Dynamic Settlement 2

[Althalus]

I've received a client request that I've never been asked to look at before. A fellow engineer said that it was "just a number" and didn't really represent anything in the real world.

CLIENT REQUEST:

Provide calculations for soil settlement due to dynamic load conditions.

I'm going to guess that the (client) theory was that the short-term loading (wind/seismic) will cause the soil to compress like a spring and cause some permanent deformation as well as some temporary deformation which will spring back. And we need to calculate that portion that does not spring back.

Is this a thing? I had always thought that whatever permanent effects that dynamic loads had on the soil was taken up in the long-term settlement already.

Any thoughts?

 

[Greenalleycat]

Feels like we are missing some important context

Here, the most common method to calculate soil bearing capacity implicitly references settlement as it's based off testing that relates to 25mm of ultimate settlement
A factor of safety of 2 is applied for ultimate loads and 3 for serviceability which somewhat arbitrarily limits you to the 5-15mm settlement range
'Dynamic' load cases (wind/EQ) overturning + gravity bearing pressures are compared against these reduced capacities as per standard structural design theory
Huzzah, you have implicitly accounted for dynamic effects in your design

This may not meet your client's brief though
1/ It doesn't explicitly calculate the settlement expected - it just implicitly 'works' to within acceptable levels
2/ It doesn't provide any consideration for elastic vs plastic components of the settlement
3/ It doesn't consider effects from risky soils like peat
4/ It doesn't allow for tricky effects such as liquefaction expression or liquefaction-induced consolidation (or similar effect)

 

[geotechguy1]

There is liquefaction which can be triggered in coarse grained soils, there is cyclic softening which can be triggered in fine grained soils. Small cyclic loads without stress reversal can also accumulate strains resulting in settlement or possibly even triggering large strains if you have a strain softening soil. Cyclic loads can also cause some settlement in dry sands.
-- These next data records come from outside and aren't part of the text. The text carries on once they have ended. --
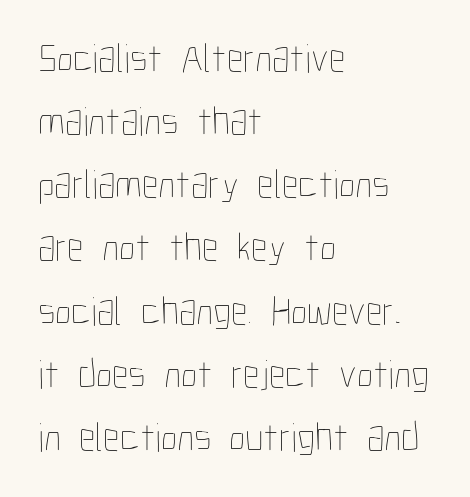
A bare baseline throughout the passage. Stems here are at most as thick as an everyday book face. The letters advance in unequal steps, a hallmark of proportional type. It's the straight-up-and-down kind of type. Glyph-to-glyph distance matches everyday printed text.
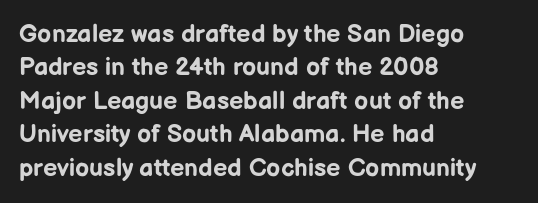
The image shows 25 px bold type, upright; set left-aligned, normal line spacing (1.34x), normal letter spacing, not underlined.
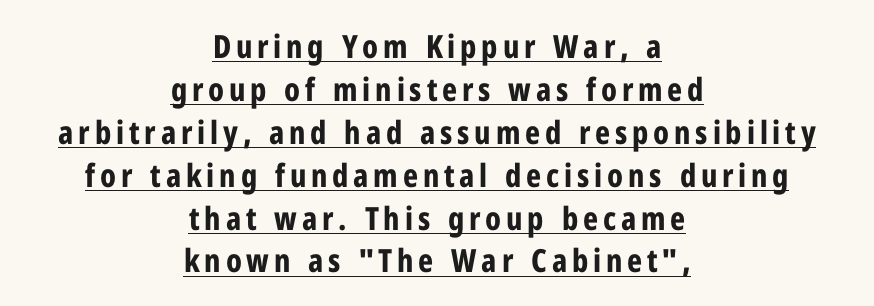
Decoration check: the copy is underlined. This is roman type, the default non-slanted kind. Is this a sans? Yes — the strokes have no serifs. The setting favours the middle, as headings and verse often do. Normally led — the rows are evenly, conventionally spaced. Spacing verdict: proportional, widths tailored to each character.

The thing is it depends, what are the cyclic loads, what are the soils, what are the settlement criteria.

 

[Althalus]

1/ It doesn't explicitly calculate the settlement expected - it just implicitly 'works' to within acceptable levels

I think this ^^ was what my coworker was talking about. Your wording is much more clear.

Thanks.

 

[TigerGuy]

It can also be due to equipment vibration

 

[Greenalleycat]

Hopefully this link works - this is the paper I'm referring to
Yes, the standard practice for settlement calculations is based on one dude doing some vague testing 50 years ago - but it seems to work
I'd actually misremembered this one - the curves are for a max of 7.5mm deflection, FOS 3 down to 2.5mm - not 7.5mm FOS up to ~25mm as I originally was thinking


[URL unfurl="true"]https://res.cloudinary.com/engineering-com/image/upload/v1726605373/tips/Stockwell_-_Determination_of_Allowable_Bearing_Pressure_Under_Small_Structures_duz4d2.pdf[/url]

Edit: you may also find this paper, particularly Section 2, to be relevant to your disucssion

https://fl-nzgs-media.s3.amazonaws.com/uploads/2016/07/84_Dec2012_NZGeoNews.pdf

 

[geotechguy1]

I've only ever heard structural engineers talk about 25mm as a deflection at the ultimate bearing capacity. I'd expect it to be 5-10% of your foundation width at geotech ultimate. Almost all practical problems are controlled by settlement; conventionally 'allowable' bearing capacity (or ultimate / 3 or 4) was taken as a pressure where 25mm of settlement would occur. Sometimes it will still be presented that way but by determining the applied pressure at which that much settlement occurs rather than the ASD method of dividing by 3 or 4. Also has not really relevant to settlement induced by dynamic loads.

 

[Greenalleycat]

The Building Code here has a requirement to limit deflections to max 25mm over 6m under serviceability conditions
To be honest, that seems like a pretty high limit, I'd be quite miffed if my house was 25mm out, but that's what it says...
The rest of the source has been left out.